HE CAN’T HEAR YOU ANYMORE

homeless
When I visit downtown Toronto I often encounter homeless people. I usually give them something, even though I am constantly told the same homeless-hostile stories: That they’re actually well-off, just begging because it’s easier than working; That they’ll blow it all on alcohol or drugs; That I’m encouraging them to stay on the streets instead of forcing them into shelters and treatment facilities where they’ll be better off. Many of the homeless I see appear to be in a state of stupor, whether from intoxication, mental confusion or just numbness I do not know. But more and more when I see them I think:

The homeless and addicted are a perfect metaphor for all of us living in modern civilization.

We, the civilized masses, are lost, adrift, imprisoned.
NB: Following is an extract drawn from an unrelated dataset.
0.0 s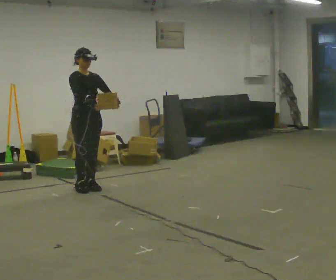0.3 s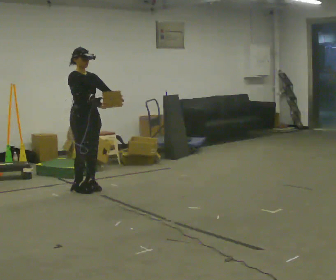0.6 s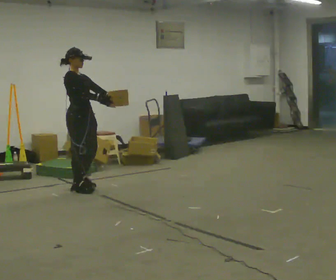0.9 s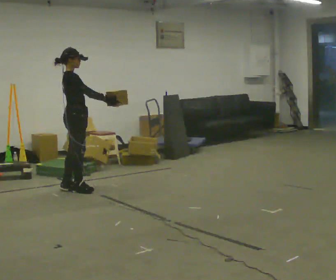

We do not know where we belong. We sense somehow that this life we are living is alien, wrong, not the way it should be. We are disconnected, confused, struggling. And we are addicted to consumption and debt and unable, even unwilling, to break these addictions. It is the only life we know. We cannot imagine living in a place that we know in our bones is home. We cannot imagine living a life where we have everything we need, take nothing more than what we need, and owe nothing to anyone. We are homeless and addicted, desperate to find a home that makes sense to us and to overcome our addictions and yet at the same time defiant, unwilling to accept the ‘home’ that others try to impose on us ‘for our own good’ or to break the addictions that give us such comfort, our only moments of joy and freedom.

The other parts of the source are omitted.